Scientific classification
- Kingdom: Plantae
- Clade: Embryophytes
- Clade: Tracheophytes
- Clade: Spermatophytes
- Clade: Angiosperms
- Clade: Eudicots
- Order: Caryophyllales
- Family: Cactaceae
- Subfamily: Cactoideae
- Genus: Cephalocereus
- Species: C. macrocephalus
- Binomial name: Cephalocereus macrocephalus F.A.C.Weber ex K.Schum.
- Synonyms: Carnegiea macrocephala (F.A.C.Weber ex K.Schum.) P.V.Heath; Cereus macrocephalus (F.A.C.Weber ex K.Schum.) A.Berger; Cereus ruficeps (F.A.C.Weber) Vaupel; Mitrocereus ruficeps (F.A.C.Weber) Backeb.; Neobuxbaumia macrocephala (F.A.C.Weber ex K.Schum.) E.Y.Dawson; Pachycereus ruficeps (F.A.C.Weber) Britton & Rose; Pilocereus macrocephalus (F.A.C.Weber ex K.Schum.) F.A.C.Weber; Pilocereus ruficeps F.A.C.Weber;

= Cephalocereus macrocephalus =

- Authority: F.A.C.Weber ex K.Schum.
- Conservation status: LC
- Synonyms: Carnegiea macrocephala , Cereus macrocephalus , Cereus ruficeps , Mitrocereus ruficeps , Neobuxbaumia macrocephala , Pachycereus ruficeps , Pilocereus macrocephalus , Pilocereus ruficeps

Species of cactus

Cephalocereus macrocephalus, synonym Neobuxbaumia macrocephala, is a species of cactus endemic to Mexico (the states of Puebla and Oaxaca).

==Description==
Cephalocereus macrocephalus usually grows in branches, but sometimes also singly, and reaches heights of 7 to 15 meters. The trunk has a diameter of 30 to 60 centimeters. The columnar, cloudy green shoots are up to 12 meters long and have a diameter of 30 to 40 centimeters. The 17 to 26 ribs are low and blunt. One of the one to three, 4 to 5 centimeter long central spines is flattened. The spread, grayish eight to twelve marginal spines are up to 1 centimeter long. The terminal pseudocephalium consists of large areoles that bear abundant yellow wool and numerous bristles.

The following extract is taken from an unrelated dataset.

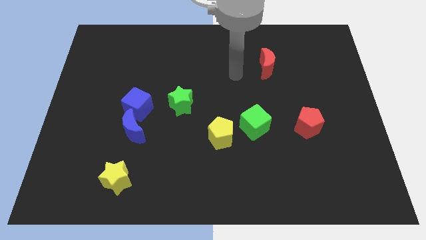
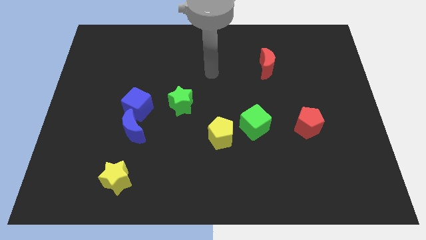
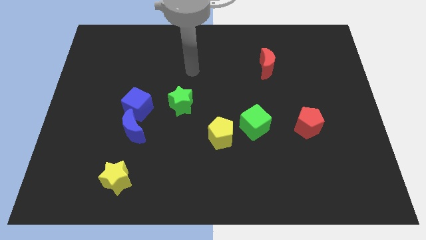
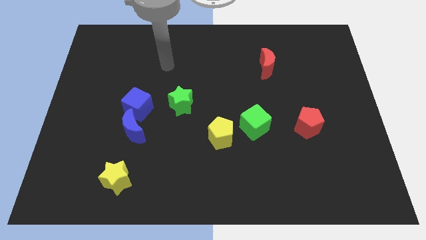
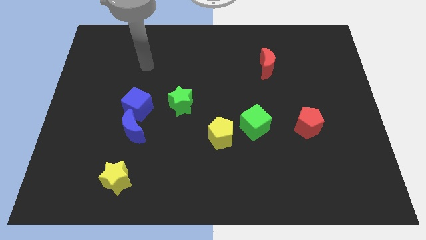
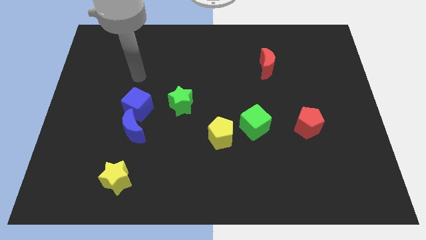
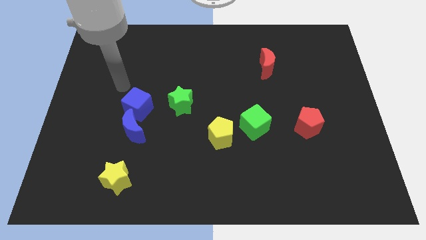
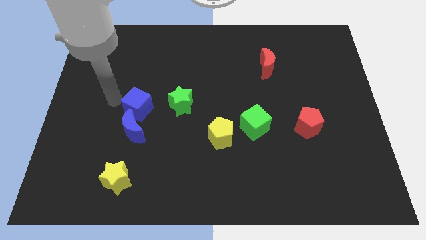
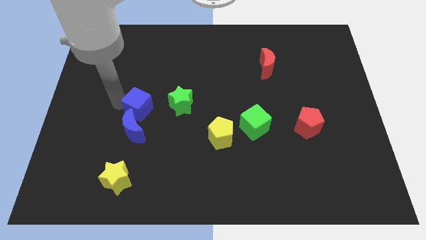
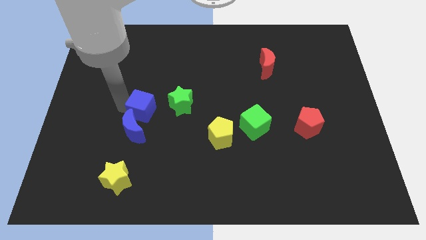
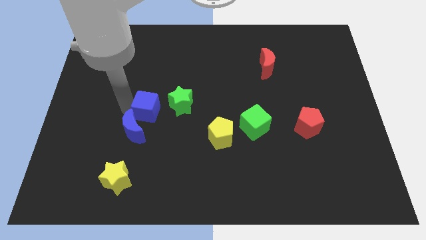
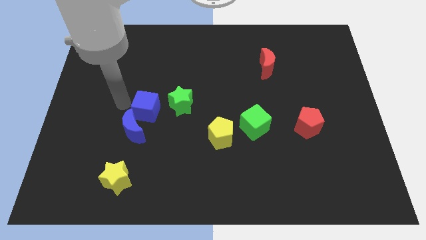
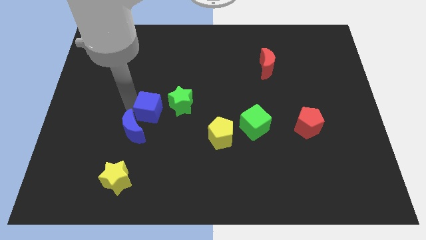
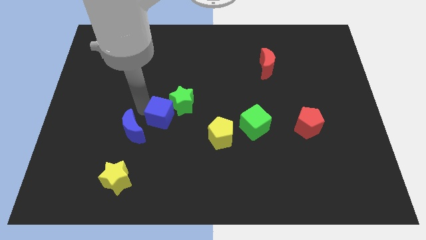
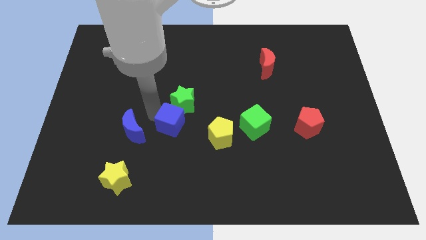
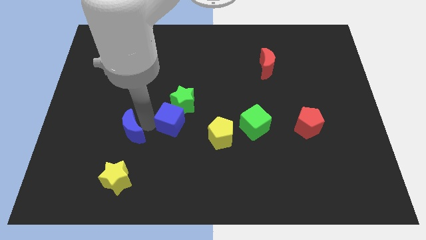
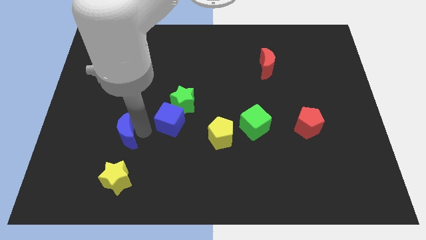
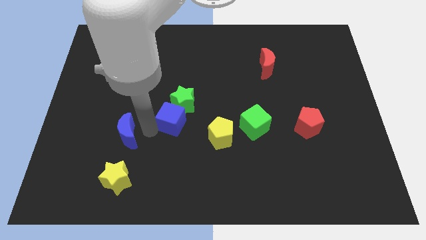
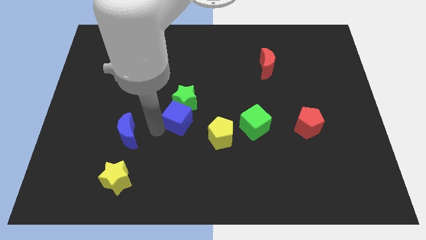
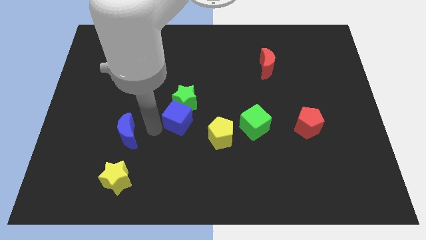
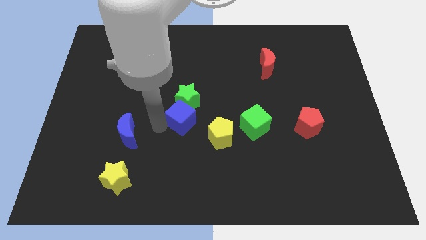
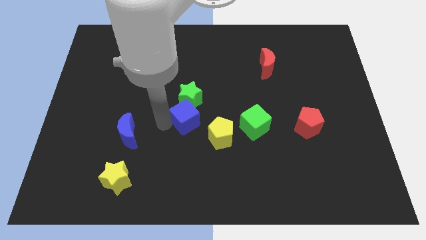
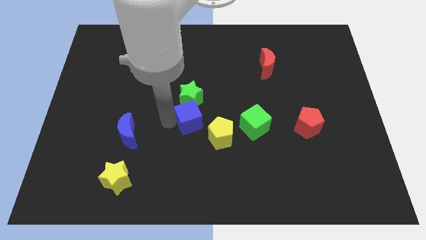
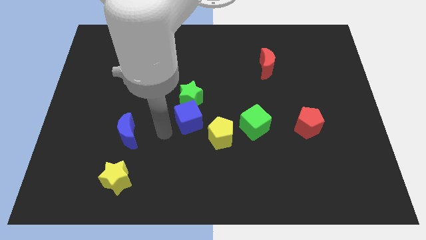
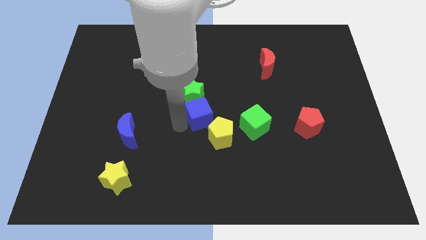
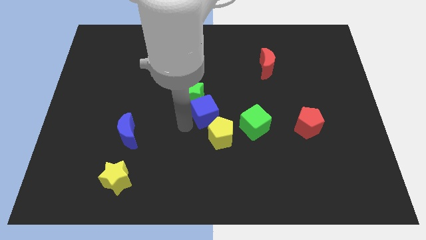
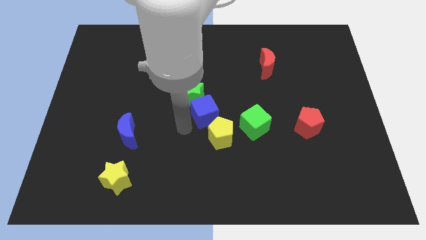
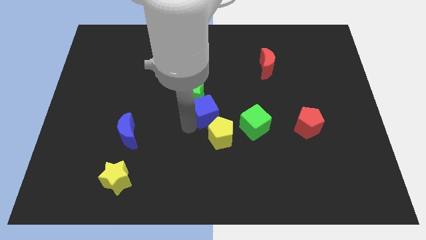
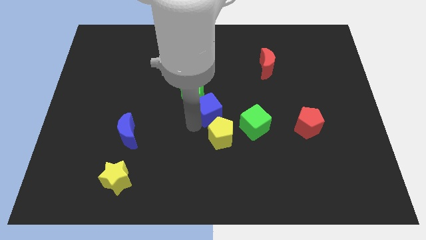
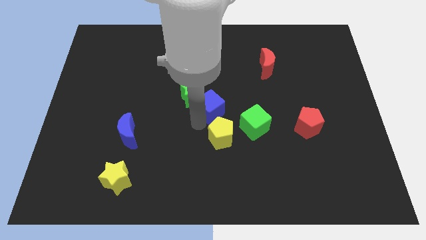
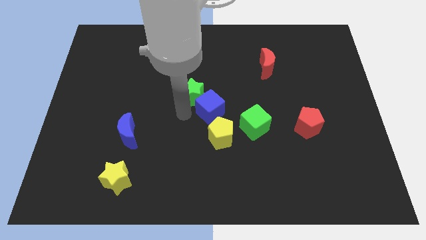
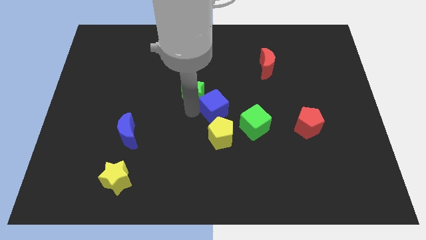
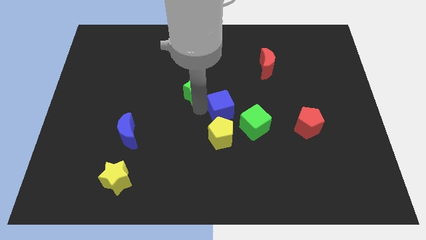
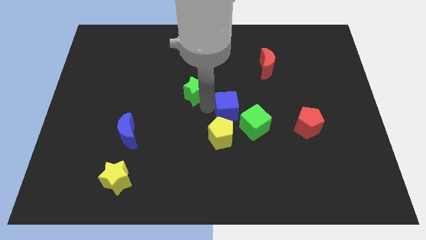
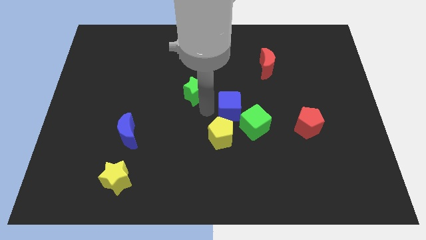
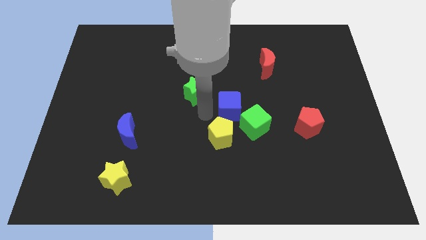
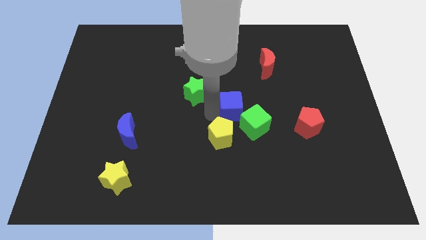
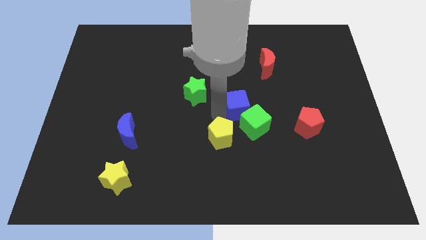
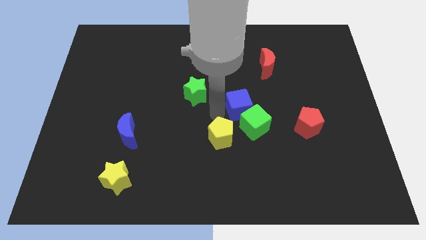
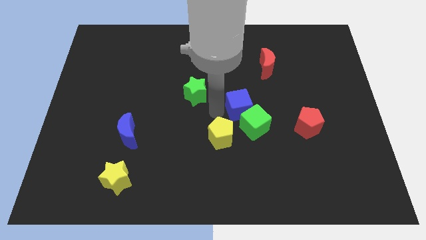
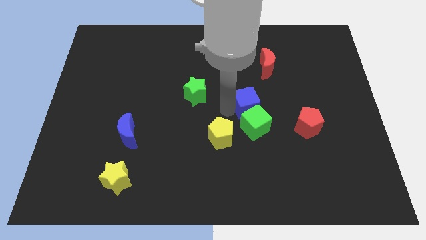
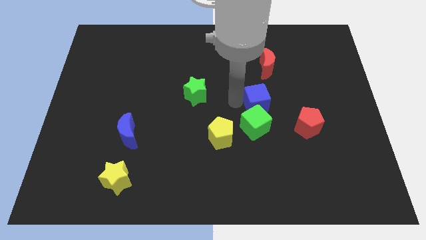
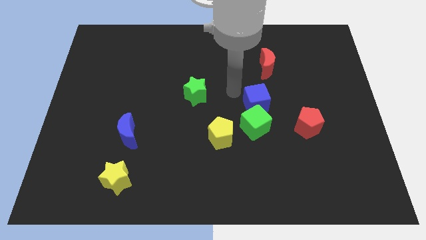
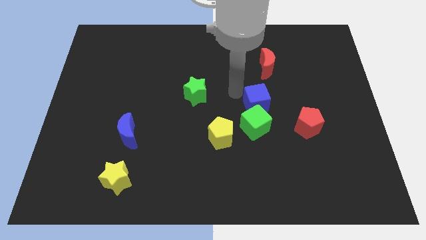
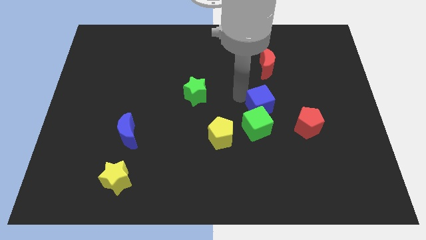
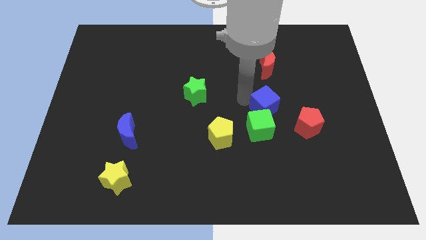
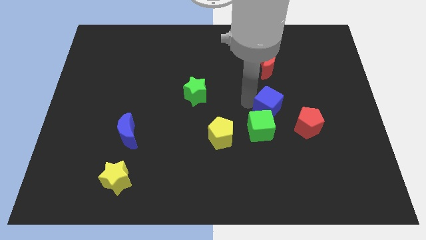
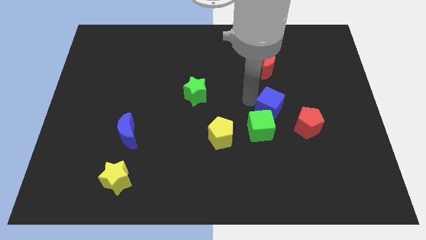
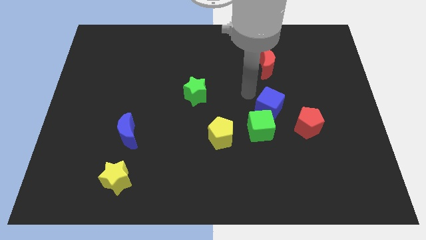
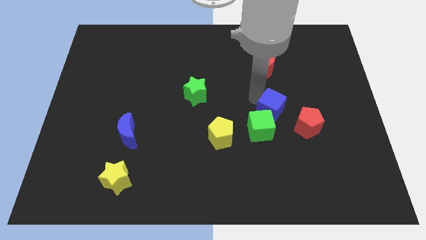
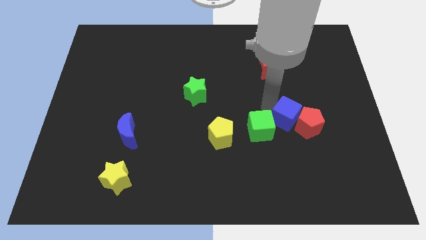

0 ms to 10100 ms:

The cylindrical to tubular flowers appear in a circle from the pseudocephalium near the shoot tips. They are white, 1.2 to 1.6 centimeters long and reach a diameter of 2.1 to 2.8 centimeters. Its pericarpel and flower tube are covered with small tubercles and broad scales. The purple-red, spherical fruits are up to 2 centimeters long and covered with scales.

==Taxonomy==
The species was first described in 1897 by Karl Moritz Schumann with the name accredited to Frédéric Albert Constantin Weber. The specific epithet (macrocephalus) is derived from the ancient Greek words makrós (μακρός) meaning "long" and kephalḗ (κεφαλή) meaning "head".

==Distribution==
Cephalocereus macrocephalus is widespread in the Mexican state of Puebla in the Tehuacán Valley.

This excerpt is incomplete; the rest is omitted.